Férocité : l'impitoyable Atanga Nji fonce sur Ketcha Courtès

Atanga Nji Visage Ferme Insalubrité publique

Fri, 23 Jan 2026 Source: La République n°1134

Face à l’insalubrité publique chronique qui asphyxie les métropoles camerounaises, le ministre de l’Administration territoriale (MINAT) a sifflé, ce 21 janvier 2026, la fin de la récréation. En reprenant fermement la main sur le dossier des ordures, Paul Atanga Nji écarte de fait une Célestine Ketcha Courtès dont le « tintamarre » communicationnel n’a jamais réussi à masquer l’inefficacité sur le terrain.

À Yaoundé comme à Douala, les montagnes d’immondices étaient devenues, au fil des ans, les tristes monuments d’une impuissance gouvernementale. Entre les campagnes « villes propres » sans lendemain et les querelles de compétences, le ministère de l’Habitat et du Développement Urbain (MINHDU) semblait s’être spécialisé dans l’art du slogan creux. Mais ce mercredi, le ton a changé. Paul Atanga Nji, fidèle à son style martial, a décidé de « tuer le bluff ».

La fin du « qui fait quoi »

Dans un discours sans fioritures, le patron de l’Administration territoriale a balayé les excuses administratives qui servaient jusqu’ici de bouclier à l’inaction. « Le débat de qui aurait dû faire quoi, qui ne fait pas quoi n’a plus de sens », a-t-il martelé. Pour Atanga Nji, l’heure n’est plus à la diplomatie de salon, mais à l’autorité pure : « Quand nos villes sont sales, c’est une responsabilité collective et la honte est collective ». En plaçant les Gouverneurs, Préfets et Sous-Préfets au cœur du dispositif de salubrité, le MINAT réinstaure une chaîne de commandement directe, là où les initiatives du MINHDU s’enlisaient dans des procédures bureaucratiques inopérantes.
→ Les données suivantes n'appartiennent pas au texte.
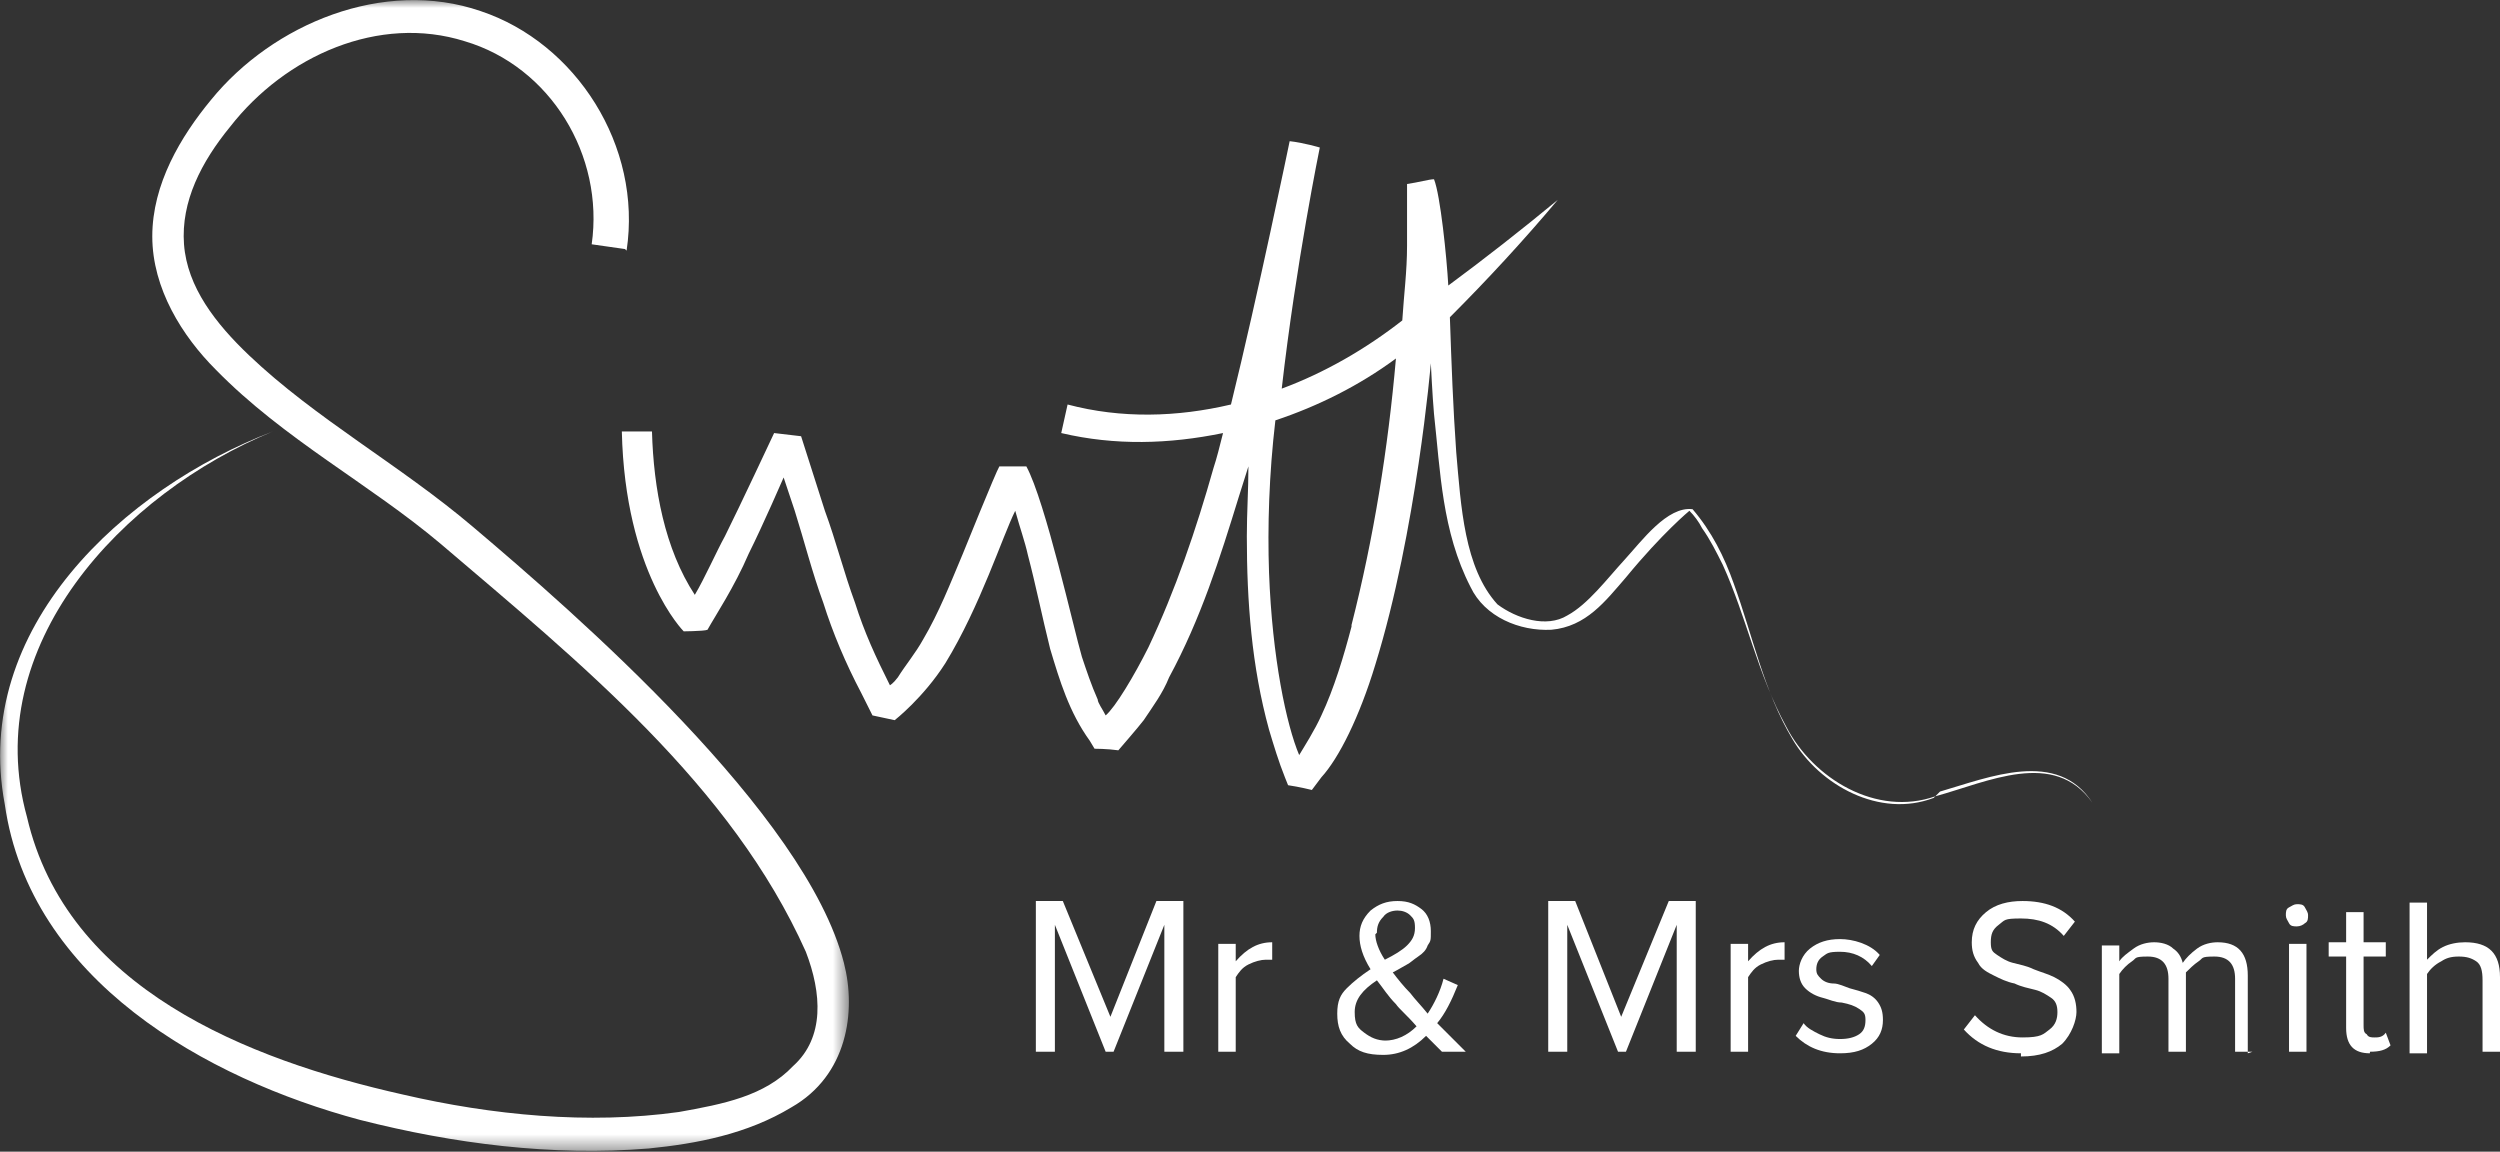 <svg xmlns="http://www.w3.org/2000/svg" xmlns:xlink="http://www.w3.org/1999/xlink" id="Layer_1" data-name="Layer 1" viewBox="0 0 157.6 72.6"><rect x="0" y="0" width="157.6" height="72.6" fill="#333333" stroke="none"/><defs><style>      .cls-1 {        mask: url(#mask);      }      .cls-2 {        fill: #fff;        fill-rule: evenodd;        stroke-width: 0px;      }    </style><mask id="mask" x="0" y="0" width="53.5" height="72.6" maskUnits="userSpaceOnUse"><g id="mask-2"><polygon id="path-1" class="cls-2" points="0 72.6 0 0 53.5 0 53.5 72.6 0 72.6"></polygon></g></mask></defs><g id="Design"><g id="Mr_MrsSmith_Navigation_1400_loged_in" data-name="Mr&amp;amp;MrsSmith_Navigation_1400_loged_in"><g id="Smith_Navigation_1418" data-name="Smith Navigation 1418"><g id="Header"><g id="MMS_Logo_Tavel_Club" data-name="MMS Logo Tavel Club"><g id="Logo"><g id="M_MS_Web_Logo" data-name="M&amp;amp;MS_Web_Logo"><g id="Group-3"><g class="cls-1"><path id="Fill-1" class="cls-2" d="M39.5,15.8c1-6.6-3.2-13.1-9.2-15.1-6.1-2.1-13.1.8-17,5.6-1.9,2.3-3.7,5.3-3.7,8.6,0,3.3,1.9,6.3,4,8.4,4.3,4.4,9.7,7.2,14.2,11,8.8,7.5,18.3,15.2,23,25.7,1,2.6,1.2,5.4-.8,7.2-1.8,1.9-4.4,2.4-7.2,2.9-5.7.8-11.8.2-17.4-1.1-9.8-2.2-21.2-6.7-23.7-17.5-3-10.8,6-20.4,15.5-24.3C7.8,30.8-1.8,39.6.3,50.7c1.6,11.1,12.7,17.3,22.4,19.9,5.9,1.5,12.1,2.3,18.2,1.8,3-.3,6.2-.9,9-2.6,3.5-2,4.1-6,3.3-9.1-2.4-9.4-16.9-22-23.4-27.5-4.6-3.9-9.9-6.8-14.1-10.8-2.1-2-3.9-4.3-4.1-7-.2-2.7,1.1-5.2,2.9-7.4,3.5-4.5,9.4-7.1,14.8-5.4,5.4,1.6,8.8,7.2,8,12.8l2.1.3"></path></g></g><path id="Fill-4" class="cls-2" d="M121.9,50.3c-3.4,1.3-7.2-.8-8.9-3.7-1.8-3-2.5-6.5-3.7-9.8-.6-1.7-1.4-3.3-2.6-4.7-1.6-.2-3.2,2-4.3,3.2-1.1,1.2-2.3,2.8-3.6,3.5-1.3.8-3.2.2-4.4-.7-2.1-2.3-2.3-6.2-2.6-9.6-.2-2.8-.3-5.6-.4-8.5,2.4-2.4,4.7-4.9,6.8-7.4-2.3,1.9-4.6,3.7-6.9,5.4,0,0,0,0,0,0-.1-1.8-.5-5.7-.9-6.7-.3,0-1,.2-1.7.3v1.3c0,.9,0,1.7,0,2.6,0,1.6-.2,3.1-.3,4.7-2.3,1.8-4.9,3.3-7.6,4.3.9-7.9,2.4-15.2,2.4-15.2,0,0-1-.3-1.9-.4,0,0-2,9.7-3.7,16.6-3.4.8-6.9.9-10.3,0l-.4,1.8c3.4.8,6.8.7,10.2,0-.2.8-.4,1.6-.6,2.2-1.1,3.9-2.4,7.7-4.1,11.3-.9,1.8-2.1,3.8-2.7,4.3-.2-.4-.5-.8-.5-1-.4-.9-.7-1.8-1-2.7-.5-1.7-2.3-9.8-3.5-12-.4,0-1.3,0-1.7,0-.2.3-2.3,5.5-2.3,5.5-.8,1.9-1.5,3.7-2.5,5.4-.5.9-1.1,1.6-1.6,2.4-.3.4-.5.5-.5.5-.9-1.8-1.6-3.3-2.2-5.2-.7-1.9-1.2-3.9-1.9-5.8l-1.5-4.7-1.7-.2s-2.2,4.7-3.1,6.5c-.5.9-1.3,2.7-1.9,3.7-1.9-2.9-2.6-6.7-2.7-10.3h-1.9c.2,8.9,3.9,12.6,3.9,12.6-.3,0,1.3,0,1.5-.1.5-.9,1.7-2.7,2.6-4.8.9-1.8,2.2-4.8,2.2-4.8l.7,2.1c.6,1.9,1.1,3.9,1.8,5.8.6,1.9,1.4,3.8,2.4,5.7l.7,1.4,1.4.3s1.8-1.4,3.2-3.6c2.2-3.6,3.6-8,4.4-9.6.3,1.1.6,1.9.8,2.8.5,1.9.9,3.9,1.4,5.9.6,2,1.2,4,2.5,5.8l.3.5s.8,0,1.5.1c0,0,1.3-1.5,1.6-1.9.6-.9,1.2-1.7,1.6-2.7,2-3.7,3.2-7.5,4.4-11.4l.6-1.9c0,1.5-.1,2.9-.1,4.4,0,4.1.3,8.2,1.4,12.2.3,1,.6,2,1,3l.2.5c.7.1,1.5.3,1.5.3l.6-.8c1.1-1.2,2.4-3.8,3.4-7.1,2.6-8.4,3.5-19,3.5-19,0,0,.1,2.1.2,3.2.4,3.6.5,7.4,2.3,10.9.9,1.9,3.1,2.8,5.1,2.7,2.2-.2,3.4-1.8,4.7-3.3,2.3-2.8,4-4.2,4-4.2.3.3.6.7.8,1.1.5.7.9,1.5,1.3,2.3,1.5,3.3,2.2,6.9,4,10.2,1.7,3.3,5.7,5.7,9.4,4.4,3.3-.9,7.5-3,9.9.4-2.2-3.4-6.5-1.6-9.6-.7M85.2,39.5c-.5,1.9-1.1,3.9-1.9,5.6-.4.9-1.1,2-1.4,2.5-.8-1.9-1.7-6.1-1.9-11.5-.1-2.9,0-6.2.4-9.6,2.7-.9,5.3-2.2,7.6-3.9-.5,5.7-1.4,11.3-2.8,16.8"></path><polyline id="Fill-5" class="cls-2" points="74.6 66.3 73.4 66.3 73.4 58.3 70.2 66.3 69.7 66.3 66.5 58.3 66.5 66.3 65.3 66.3 65.3 56.8 67 56.8 70 64.1 72.9 56.8 74.6 56.8 74.6 66.3"></polyline><path id="Fill-6" class="cls-2" d="M77.9,66.3h-1.1v-6.8h1.1v1.1c.7-.8,1.4-1.2,2.3-1.2v1.1c-.2,0-.3,0-.4,0-.3,0-.7.1-1.1.3-.4.2-.6.5-.8.8v4.8"></path><path id="Fill-7" class="cls-2" d="M86.7,58.9c0,.4.2,1,.6,1.6.6-.3,1.1-.6,1.4-.9.3-.3.5-.6.5-1.1s-.1-.6-.3-.8c-.2-.2-.5-.3-.8-.3s-.7.1-.9.4c-.3.3-.4.6-.4,1ZM87.3,65.6c.7,0,1.4-.3,2-.9-.6-.7-1.1-1.1-1.3-1.4-.5-.5-.8-1-1.2-1.5-.9.6-1.4,1.2-1.4,2s.2,1,.6,1.3c.4.3.8.5,1.4.5ZM92.4,66.3h-1.5c-.2-.2-.5-.5-1-1-.8.8-1.7,1.2-2.7,1.2s-1.6-.2-2.1-.7c-.6-.5-.8-1.1-.8-1.9s.2-1.2.6-1.6c.4-.4.9-.8,1.5-1.2-.5-.8-.7-1.5-.7-2.1s.2-1.1.7-1.6c.5-.4,1-.6,1.7-.6s1.1.2,1.5.5c.4.3.6.8.6,1.4s0,.6-.2.9c-.1.3-.3.5-.6.7-.3.2-.5.4-.7.5-.2.1-.5.3-.9.5.3.4.7.9,1.1,1.3.3.4.7.8,1.1,1.3.4-.6.8-1.4,1-2.2l.9.4c-.4,1-.8,1.8-1.3,2.4.6.6,1.2,1.2,1.8,1.8h0Z"></path><polyline id="Fill-8" class="cls-2" points="106.9 66.3 105.7 66.3 105.7 58.3 102.5 66.3 102 66.3 98.8 58.3 98.8 66.3 97.6 66.3 97.6 56.8 99.3 56.8 102.2 64.1 105.2 56.8 106.9 56.8 106.9 66.3"></polyline><path id="Fill-9" class="cls-2" d="M110.2,66.3h-1.1v-6.8h1.1v1.1c.7-.8,1.4-1.2,2.3-1.2v1.1c-.2,0-.3,0-.4,0-.3,0-.7.1-1.1.3-.4.2-.6.5-.8.8v4.8"></path><path id="Fill-10" class="cls-2" d="M116,66.4c-1.2,0-2.1-.4-2.8-1.1l.5-.8c.2.3.6.5,1,.7.4.2.8.3,1.3.3s.9-.1,1.2-.3c.3-.2.4-.5.4-.9s-.1-.5-.4-.7c-.3-.2-.6-.3-1.1-.4-.4,0-.8-.2-1.2-.3-.4-.1-.8-.3-1.1-.6-.3-.3-.4-.7-.4-1.1s.2-1,.7-1.4c.5-.4,1.1-.6,1.9-.6s1.9.3,2.5,1l-.5.7c-.5-.6-1.2-.9-2-.9s-.8.1-1.1.3c-.3.2-.4.5-.4.8s.1.4.3.6c.2.2.5.3.8.3.3,0,.7.2,1,.3.4.1.7.2,1,.3.3.1.6.3.8.6.2.3.3.6.3,1.1,0,.6-.2,1.1-.7,1.5-.5.4-1.1.6-2,.6"></path><path id="Fill-11" class="cls-2" d="M127.4,66.4c-1.5,0-2.7-.5-3.6-1.5l.7-.9c.8.9,1.8,1.4,3,1.4s1.3-.2,1.7-.5c.4-.3.5-.7.5-1.1s-.1-.7-.4-.9c-.3-.2-.6-.4-1-.5-.4-.1-.9-.2-1.3-.4-.5-.1-.9-.3-1.3-.5-.4-.2-.8-.4-1-.8-.3-.4-.4-.8-.4-1.3,0-.8.3-1.4.9-1.9.6-.5,1.4-.7,2.3-.7,1.4,0,2.5.4,3.3,1.3l-.7.9c-.7-.8-1.6-1.1-2.7-1.1s-1,.1-1.4.4c-.4.3-.5.6-.5,1.1s.1.6.4.8c.3.2.6.4,1,.5.4.1.9.2,1.3.4.5.2.9.3,1.3.5.4.2.8.5,1,.8.3.4.4.9.4,1.4s-.3,1.4-.9,2c-.6.5-1.4.8-2.6.8"></path><path id="Fill-12" class="cls-2" d="M142,66.3h-1.1v-4.6c0-.9-.4-1.4-1.3-1.4s-.7.1-1,.3c-.3.2-.6.5-.8.7v5h-1.1v-4.6c0-.9-.4-1.4-1.3-1.4s-.7.1-1,.3c-.3.2-.6.5-.8.8v5h-1.1v-6.8h1.1v1c.2-.3.5-.5.9-.8s.9-.4,1.3-.4.9.1,1.2.4c.3.2.5.5.6.9.2-.3.5-.6.9-.9s.9-.4,1.3-.4c1.3,0,1.9.7,1.9,2.1v4.9"></path><path id="Fill-13" class="cls-2" d="M144.3,66.3h1.1v-6.8h-1.1v6.8ZM145.3,58.2c-.1.1-.3.2-.5.2s-.4,0-.5-.2-.2-.3-.2-.5,0-.4.2-.5.3-.2.5-.2.4,0,.5.2.2.3.2.5,0,.4-.2.5h0Z"></path><path id="Fill-14" class="cls-2" d="M149.4,66.4c-1,0-1.5-.5-1.5-1.6v-4.5h-1.1v-.9h1.1v-1.9h1.1v1.9h1.4v.9h-1.4v4.3c0,.3,0,.5.2.6.1.2.3.2.5.2s.5,0,.7-.3l.3.8c-.3.3-.7.4-1.3.4"></path><path id="Fill-15" class="cls-2" d="M157.6,66.3h-1.1v-4.5c0-.6-.1-1-.4-1.2-.3-.2-.6-.3-1.1-.3s-.8.1-1.1.3c-.4.2-.7.5-.9.8v5h-1.1v-9.5h1.1v3.6c.3-.3.6-.6,1-.8.4-.2.9-.3,1.4-.3,1.5,0,2.2.7,2.2,2.2v4.8"></path></g></g></g></g></g></g></g></svg>

Le message est limpide : la salubrité est désormais une question d’ordre public, et non plus seulement d’aménagement urbain.

Un ultimatum chirurgical

Le plan d’action dévoilé ne laisse aucune place à l’improvisation : nettoyage radical : durant tout le mois de février 2026, les bacs à ordures encombrant les axes principaux doivent disparaître. Horaires de combat : la collecte se fera désormais exclusivement entre minuit et six heures du matin pour épargner aux citadins le « spectacle des immondices aux odeurs malodorantes » en pleine journée. Logistique de proximité : dans un délai de 72 heures, le MINAT va distribuer 2 800 outils (brouettes, pelles, balais, râteaux) aux communes de Yaoundé pour pallier les carences logistiques.

La fermeté comme méthode

Là où sa collègue du Développement Urbain privilégiait la sensibilisation souvent stérile, Atanga Nji brandit la force publique. « Désormais on t’attrape en train de jeter les ordures au sol, la police t’interpelle et on te garde à vue », prévient-il sans détour. Un tour de vis sécuritaire qui traduit l’urgence de restaurer l’image de la « vitrine » des institutions.

En s’appuyant sur la « dotation spéciale » et les engins octroyés par le chef de l’État, le MINAT ne se contente pas de critiquer ; il occupe le terrain délaissé. Pour Célestine Ketcha Courtès, le désaveu est cinglant. En prenant les rênes de la « campagne nationale de villes propres », Paul Atanga Nji prouve que, dans le système Biya, le pouvoir appartient à celui qui agit, pas à celui qui communique.

La honte collective a peut-être trouvé son remède : une dose massive d’autorité territoriale. Reste à savoir si les bacs à ordures, une fois déplacés, ne seront pas remplacés par le retour des vieilles habitudes. Mais avec des descentes hebdomadaires des préfets déjà annoncées, la pression ne risque pas de retomber de sitôt.